--- Records to use Enclosed Below ---

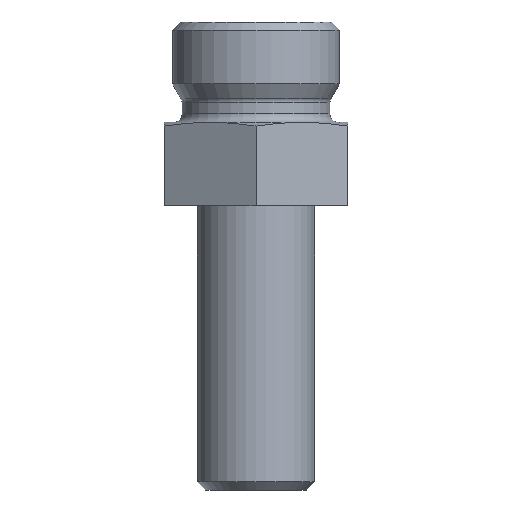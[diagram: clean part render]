
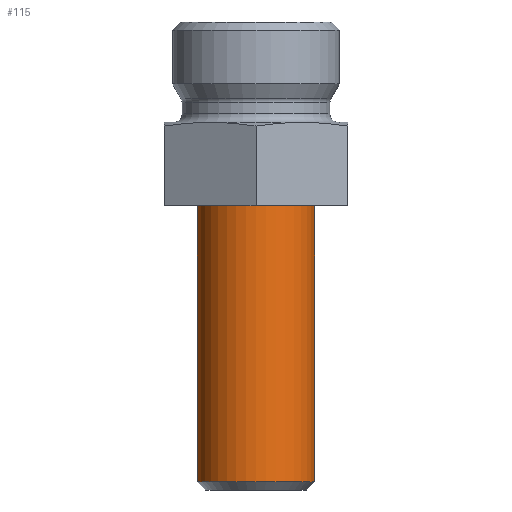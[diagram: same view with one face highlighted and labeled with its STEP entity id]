
A CAD part, front view. The second image highlights one B-rep face of the part: STEP entity #115.
In plain terms, the highlighted cylindrical face has radius 7 mm (diameter 14 mm), a full revolution.
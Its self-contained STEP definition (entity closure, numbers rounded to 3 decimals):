
#73=CARTESIAN_POINT('',(-12.435,9.035,1.0));
#74=VERTEX_POINT('',#73);
#75=CARTESIAN_POINT('',(-5.435,9.035,1.0));
#76=DIRECTION('',(0.0,0.0,-1.0));
#77=DIRECTION('',(1.0,0.0,0.0));
#78=AXIS2_PLACEMENT_3D('',#75,#76,#77);
#79=CIRCLE('',#78,7.);
#80=EDGE_CURVE('',#74,#74,#79,.T.);
#96=CARTESIAN_POINT('',(-5.435,9.035,0.0));
#97=DIRECTION('',(0.0,0.0,1.0));
#98=DIRECTION('',(1.0,0.0,0.0));
#99=AXIS2_PLACEMENT_3D('',#96,#97,#98);
#100=CYLINDRICAL_SURFACE('',#99,7.);
#101=CARTESIAN_POINT('',(-12.435,9.035,34.0));
#102=VERTEX_POINT('',#101);
#103=CARTESIAN_POINT('',(-5.435,9.035,34.0));
#104=DIRECTION('',(0.0,0.0,-1.0));
#105=DIRECTION('',(1.0,0.0,0.0));
#106=AXIS2_PLACEMENT_3D('',#103,#104,#105);
#107=CIRCLE('',#106,7.);
#108=EDGE_CURVE('',#102,#102,#107,.T.);
#109=ORIENTED_EDGE('',*,*,#108,.T.);
#110=EDGE_LOOP('',(#109));
#111=FACE_OUTER_BOUND('',#110,.T.);
#112=ORIENTED_EDGE('',*,*,#80,.F.);
#113=EDGE_LOOP('',(#112));
#114=FACE_BOUND('',#113,.T.);
#115=ADVANCED_FACE('',(#111,#114),#100,.T.);

--- End of Enclosed Records to use ---

**How to complete this task:** Reproduce the data exactly, please, and omit its pictures.

**Written solution:**
[diagram: clean part render]
[diagram: same view with one face highlighted and labeled with its STEP entity id]
A CAD part, front view. The second image highlights one B-rep face of the part: STEP entity #115.
In plain terms, the highlighted cylindrical face has radius 7 mm (diameter 14 mm), a full revolution.
Its self-contained STEP definition (entity closure, numbers rounded to 3 decimals):
#73=CARTESIAN_POINT('',(-12.435,9.035,1.0));
#74=VERTEX_POINT('',#73);
#75=CARTESIAN_POINT('',(-5.435,9.035,1.0));
#76=DIRECTION('',(0.0,0.0,-1.0));
#77=DIRECTION('',(1.0,0.0,0.0));
#78=AXIS2_PLACEMENT_3D('',#75,#76,#77);
#79=CIRCLE('',#78,7.);
#80=EDGE_CURVE('',#74,#74,#79,.T.);
#96=CARTESIAN_POINT('',(-5.435,9.035,0.0));
#97=DIRECTION('',(0.0,0.0,1.0));
#98=DIRECTION('',(1.0,0.0,0.0));
#99=AXIS2_PLACEMENT_3D('',#96,#97,#98);
#100=CYLINDRICAL_SURFACE('',#99,7.);
#101=CARTESIAN_POINT('',(-12.435,9.035,34.0));
#102=VERTEX_POINT('',#101);
#103=CARTESIAN_POINT('',(-5.435,9.035,34.0));
#104=DIRECTION('',(0.0,0.0,-1.0));
#105=DIRECTION('',(1.0,0.0,0.0));
#106=AXIS2_PLACEMENT_3D('',#103,#104,#105);
#107=CIRCLE('',#106,7.);
#108=EDGE_CURVE('',#102,#102,#107,.T.);
#109=ORIENTED_EDGE('',*,*,#108,.T.);
#110=EDGE_LOOP('',(#109));
#111=FACE_OUTER_BOUND('',#110,.T.);
#112=ORIENTED_EDGE('',*,*,#80,.F.);
#113=EDGE_LOOP('',(#112));
#114=FACE_BOUND('',#113,.T.);
#115=ADVANCED_FACE('',(#111,#114),#100,.T.);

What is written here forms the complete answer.